My dear, dear friends! I love you so much. I do want the very best for you. You make me feel such joy, fill me with such pride. Don’t waver. Stay on track, steady in God.

I urge Euodia and Syntyche to iron out their differences and make up. God doesn’t want his children holding grudges.

And, oh, yes, Syzygus, since you’re right there to help them work things out, do your best with them. These women worked for the Message hand in hand with Clement and me, and with the other veterans—worked as hard as any of us. Remember, their names are also in the Book of Life.

Celebrate God all day, every day. I mean, revel in him! Make it as clear as you can to all you meet that you’re on their side, working with them and not against them. Help them see that the Master is about to arrive. He could show up any minute!

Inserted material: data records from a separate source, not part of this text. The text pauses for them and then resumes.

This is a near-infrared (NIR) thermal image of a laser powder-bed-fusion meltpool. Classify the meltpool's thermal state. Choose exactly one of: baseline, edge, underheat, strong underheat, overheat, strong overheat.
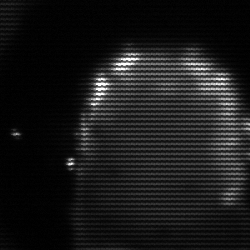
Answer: baseline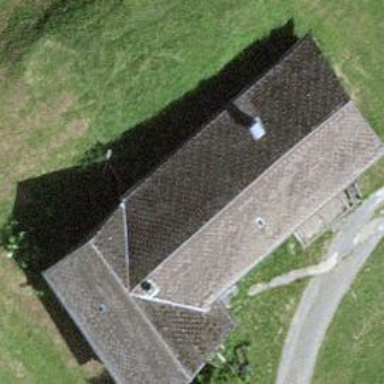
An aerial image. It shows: Gabled roof farm building.
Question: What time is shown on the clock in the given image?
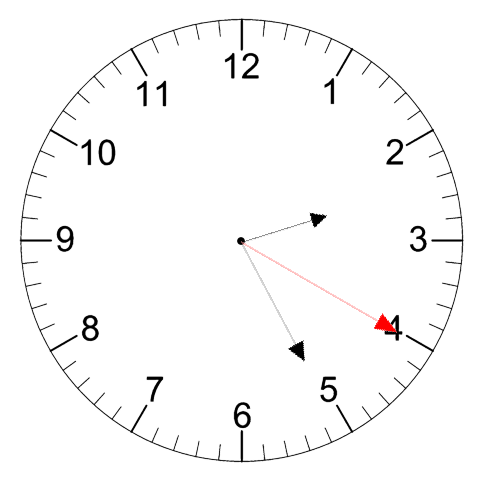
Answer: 02:25:20
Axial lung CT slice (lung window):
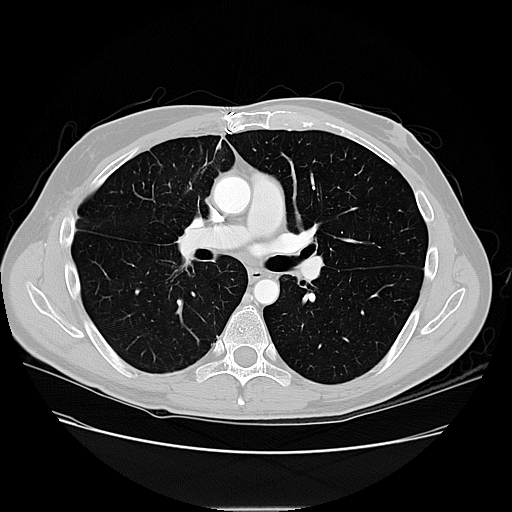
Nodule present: no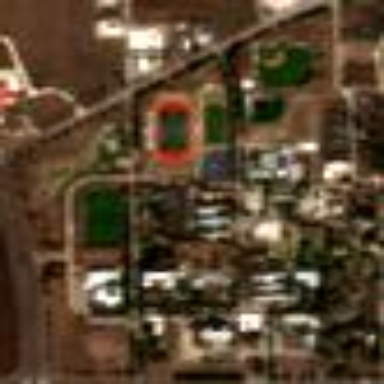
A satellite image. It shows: University.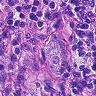
Metastatic tissue present: yes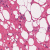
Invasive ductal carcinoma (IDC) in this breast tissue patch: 0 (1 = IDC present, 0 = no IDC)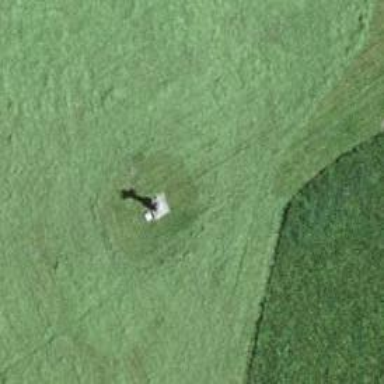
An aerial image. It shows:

Don’t fret or worry. Instead of worrying, pray. Let petitions and praises shape your worries into prayers, letting God know your concerns. Before you know it, a sense of God’s wholeness, everything coming together for good, will come and settle you down. It’s wonderful what happens when Christ displaces worry at the center of your life.

Summing it all up, friends, I’d say you’ll do best by filling your minds and meditating on things true, noble, reputable, authentic, compelling, gracious—the best, not the worst; the beautiful, not the ugly; things to praise, not things to curse. Put into practice what you learned from me, what you heard and saw and realized. Do that, and God, who makes everything work together, will work you into his most excellent harmonies.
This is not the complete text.